One way to determine what the oxygen and hydrogen sulfide concentrations were in the early ocean is to look at the abundance of certain metals. Transition metals have an interesting chemistry: under certain conditions they will “oxidize” and under other conditions they will “reduce.” We see this process in action whenever a metal object is left outside and rusts. Rust is just the product of iron metal oxidizing into iron oxide. Importantly, some compounds cause metals to oxidize, like oxygen, and other compounds cause metals to reduce, like H₂S.

A group of biogeochemists at UC Riverside investigated oxygen and hydrogen sulfide levels in the deep ocean by looking at sedimentary rock deposits of two metals, molybdenum (Mo) and chromium (Cr). Mo is reduced under anoxic conditions when hydrogen sulfide is present, and will react with sulfur. The team looked at shale with Mo deposits known to have been enriched from the anoxic/sulfide conditions, and compared this to other Mo deposits from marine shell. The relative abundance of this reduced Mo indicates that the oceans did not have widespread hydrogen sulfide concentrations, contrary to other hypotheses that assume the concentration of H₂S was more abundant during this time.

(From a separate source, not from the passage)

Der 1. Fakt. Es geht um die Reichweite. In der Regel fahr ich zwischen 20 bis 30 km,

Additionally, Cr is reduced under anoxic conditions, without hydrogen sulfide being present. The authors reason that by “comparing Mo enrichments in independently constrained euxinic [i.e. no oxygen, contains H₂S] shales and Cr enrichments in independently constrained anoxic shales can offer a unique and complementary perspective on the global redox landscape of the ocean.”

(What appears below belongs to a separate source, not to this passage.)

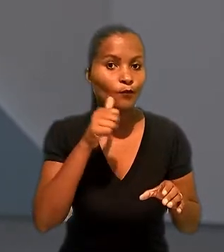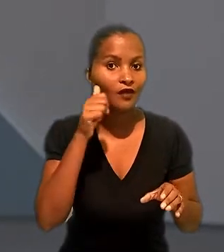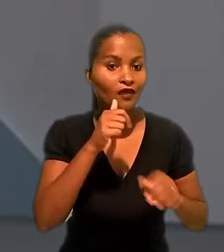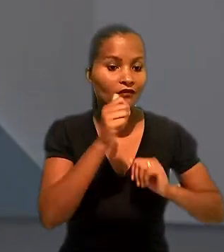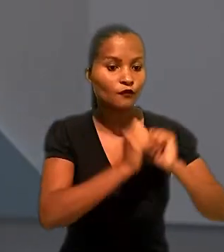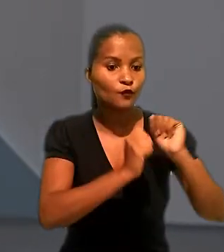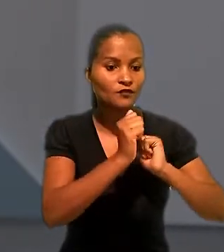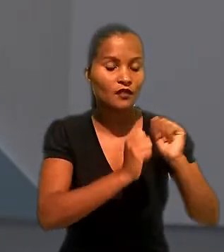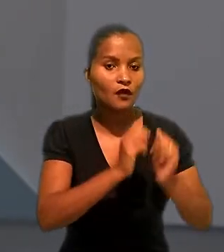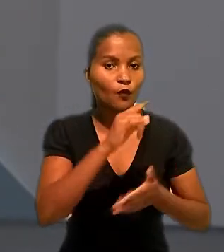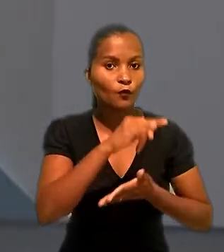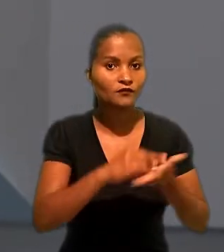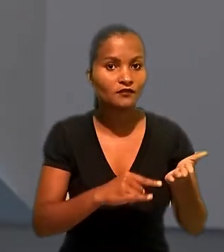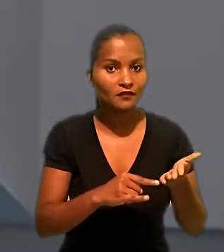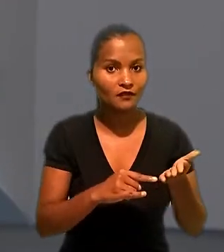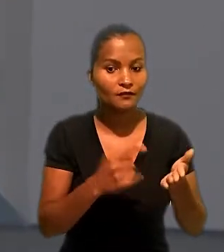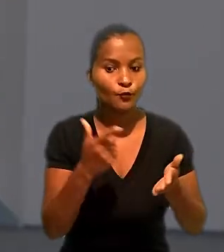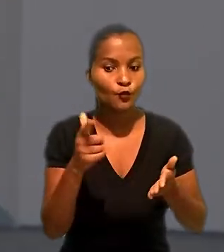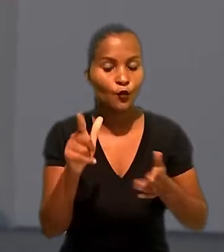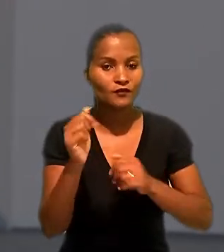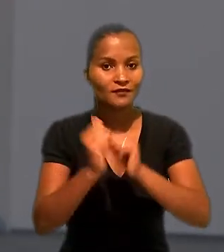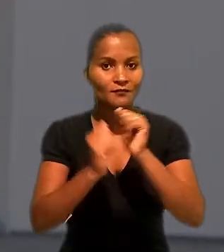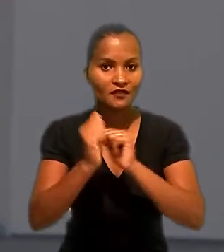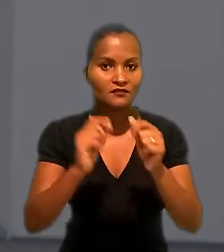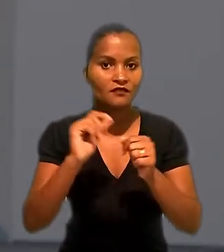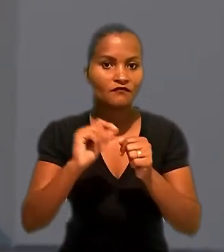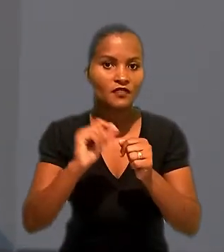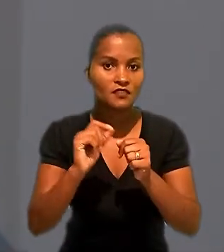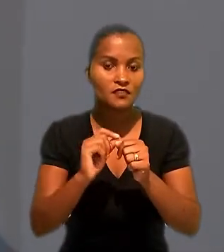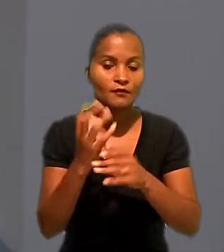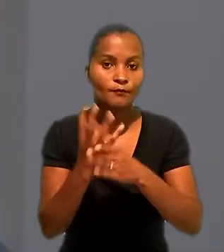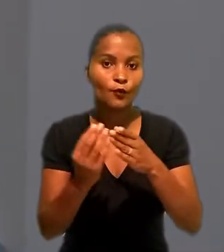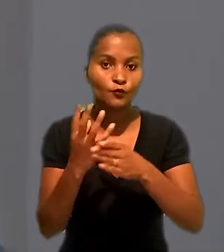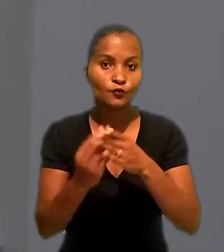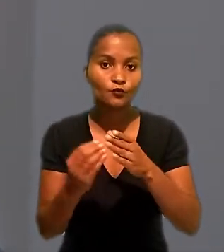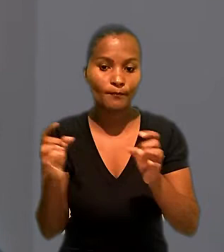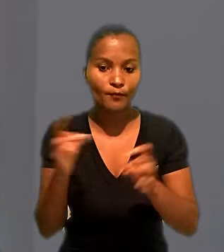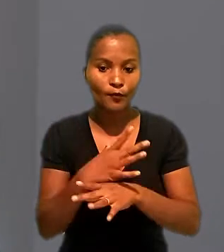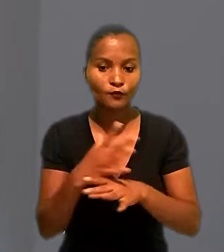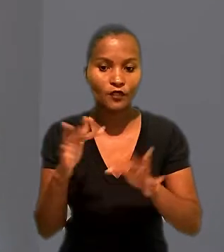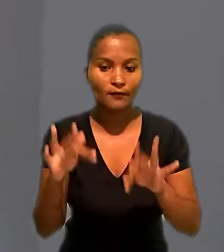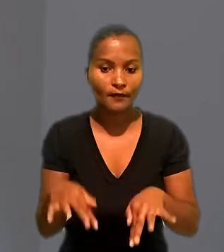contratada pela empresa que fornecia produtos prontos e acabados. A turma concluiu

Based on extensive studies of Mo and Cr concentrations dating back to the Proterozoic, the authors found that the Proterozoic ocean was characterized by very low oxygen levels, and while there was some hydrogen sulfide present, it was in much lower levels than was once thought. (See this Nature article for a slightly different take on the level of hydrogen sulfide in the Proteozoic. Also see this Royal Society article.) Their models predict that about 1-10% of the ocean seafloor was both anoxic and contained hydrogen sulfide, compared to 0.1% today. This concentration may still have had an effect on biological life, but it is not as widespread as was thought.

In considering origin of life scenarios, the presence of atmospheric oxygen may very well be dated as far back as 4 billion years ago, given studies with another metal, cerium (ENV reported on it here), and photosynthetic life may date back to as early as 2.7 billion years ago (late Achaean). However, if the anoxic ocean theory is right, then oceanic oxygen levels were very low until about 500 million years ago. Meanwhile the abundance of aerobically poisonous hydrogen sulfide is the subject of much debate in the field.

We thus have four issues that appear at variance with each other: 1) the different timing of anoxic ocean levels and atmospheric oxygen levels, 2) the assumption from chemical origins theories that life began in water, 3) the timing for prokaryotic emergence followed by the various theories on eukaryotic emergence (e.g. endosymbiosis), and 4) the evidence for when photosynthetic life appeared. These four ideas do not seem to add up because eukaryotes emerged before the emergence of oceanic oxygen levels rose, but origin of life theories assume that life started in the ocean.

The evolutionary story, in other words, is being imposed forcibly on the data. This is a pattern we’ve observed before.